En las fincas de producción ecológica están prohibidos estos tratamientos, por lo que según la normativa existente, los agricultores ecológicos deben señalar sus parcelas con banderas para evitar la contaminación. Sin embargo la realidad indica que han sido muchos los casos de fumigación de este tipo de fincas con el consiguiente perjuicio económico para estos agricultores. En Andalucía ya existen más de 50.000 has. de cultivo olivar ecológico habiendo sido este tipo de tratamientos uno de los frenos más importantes para su desarrollo.

La normativa que regula este tipo de tratamientos, obliga a los pilotos a mantener una distancia de seguridad de 150 m hasta los cultivos ecológicos, cortijos habitados, huertas, cursos de agua, masas forestales, colmenas, zonas protegidas, etc... lo que, de cumplirse, harían prácticamente imposible la realización de los mismos.

Tan sólo en el caso del Municipio de Ronda y el Parque Natural de Castril, el movimiento de agricultura ecológica y organizaciones ambientales han podido sustituir estas fumigaciones por tratamientos desde tractores.

Con respecto a las zonas protegidas, todas aquellas que poseen olivos que no son de producción ecológica (Parques Naturales, zonas de la Red Natura 2000, Zonas de Especial Protección para las Aves e incluso Reservas de la Biosfera) son fumigadas entre 3 y 5 veces, al igual que las zonas no protegidas, con el consentimiento de la Consejería de Medio Ambiente que no parece tener interés en intervenir en este tipo de actuaciones con un impacto ambiental tan grande, a sabiendas de normativas restrictivas como la Ley de Fauna y Flora que hacen patente esta contradicción.

El 7 de mayo de 2004 se celebró en la Sede de la UNESCO, en París, una conferencia sobre "Cáncer, Medio Ambiente y Sociedad" a la que asistieron prestigiosos científicos independientes y expertos en peligros sanitarios provocados por la contaminación química: Al finalizar la misma se realizó un manifiesto conocido como "la Llamada de París", en él se insta a las administraciones a tomar medidas serias para paliar la contaminación actual y sus efectos en la salud (especialmente en el caso del cáncer, ya que los estudios indican que el 30% de los casos se deben a la alimentación), haciendo una referencia especial a los pesticidas utilizados en la agricultura.

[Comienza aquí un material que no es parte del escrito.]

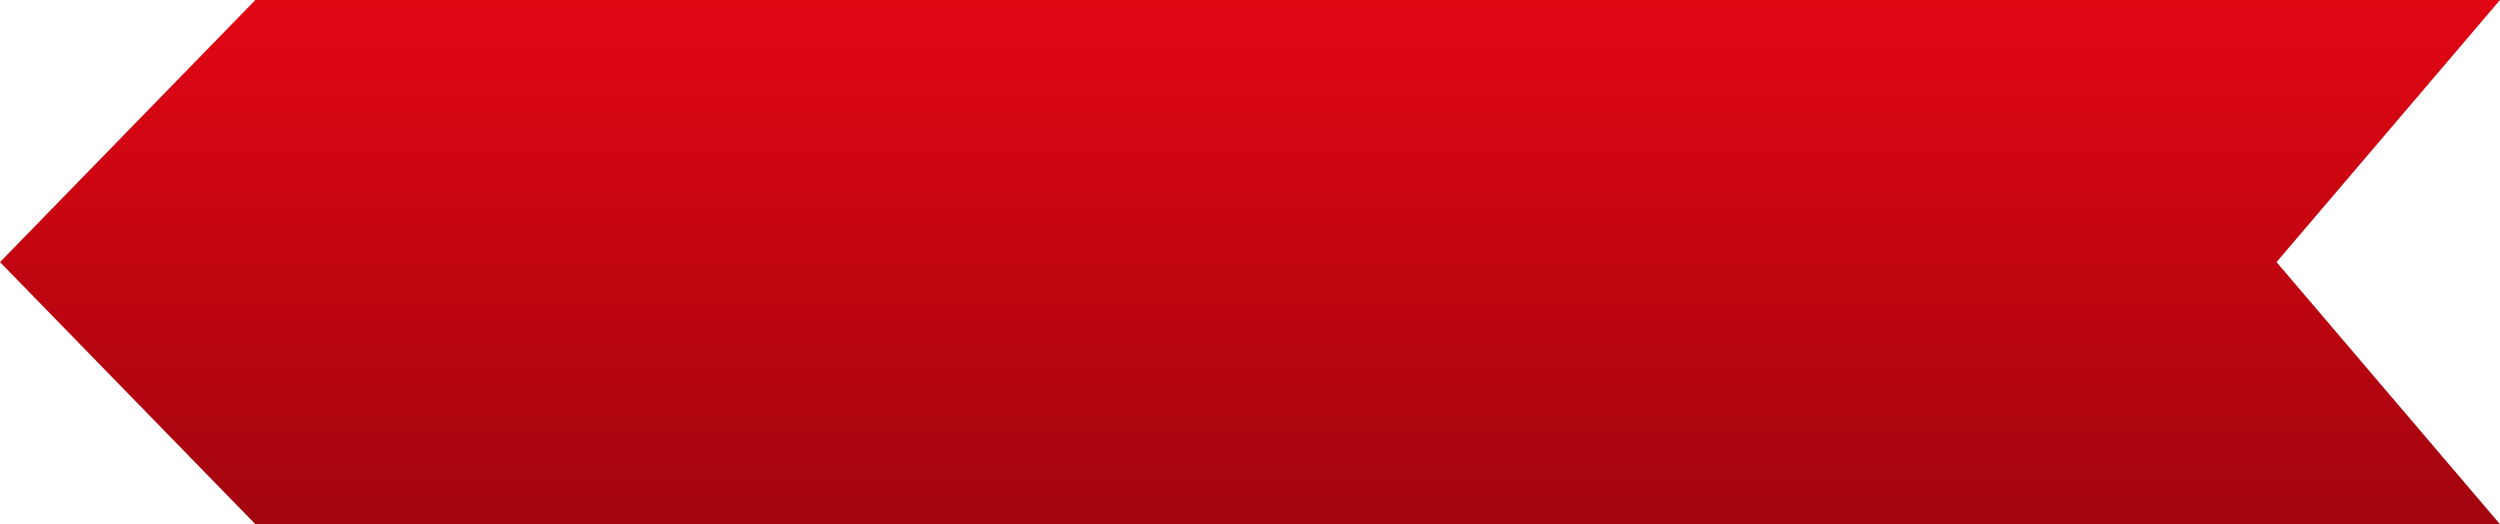 <?xml version="1.0" encoding="UTF-8"?> <svg xmlns="http://www.w3.org/2000/svg" width="744" height="156" viewBox="0 0 744 156" fill="none"> <path d="M76 0H744L677.5 78L744 156H76L0 78L76 0Z" fill="url(#paint0_linear_1424_459)"></path> <defs> <linearGradient id="paint0_linear_1424_459" x1="372" y1="0" x2="372" y2="156" gradientUnits="userSpaceOnUse"> <stop stop-color="#E20613"></stop> <stop offset="1" stop-color="#A2050E"></stop> </linearGradient> </defs> </svg>

Este manifiesto ha sido firmado por más de 50.000 científicos de todo el mundo.

Ecologistas en Acción de Andalucía, al igual que otras organizaciones, han pedido reiteradamente la sustitución de este tipo de tratamientos siguiendo la dinámica que mantiene la Unión Europea de limitar e incluso penalizar las actuaciones con fuerte impacto ambiental, promoviendo aquellas que no las tengan. En este sentido, actualmente la Dirección General de Medio Ambiente de la Comisión Europea está realizando una "Estrategia para el uso sostenible de los Pesticidas" donde se refiere específicamente a las fumigaciones aéreas reconociendo el grave impacto ambiental que provocan en comparación con otros sistemas de control alternativos y contemplando entre las posibles medidas a adoptar la prohibición total. La Mesa constituida va a participar a través de la "Red de Acción Internacional sobre Plaguicidas (PAN)" aportando información para la redacción del texto final.

Asimismo, la Mesa ha enviado cartas al Consejero de Agricultura y Pesca: Isaías Pérez Saldaña y a la Consejera de Medio Ambiente: Fuensanta Coves para mantener reuniones en las que se expongan los inconvenientes de las fumigaciones aéreas, pidiendo su paralización este mismo año y que se pongan en marcha medidas de alternativas y proyectos de investigación en la línea de sistemas de control compatibles con el medio ambiente, la agricultura ecológica y la población rural para la producción de un aceite de calidad.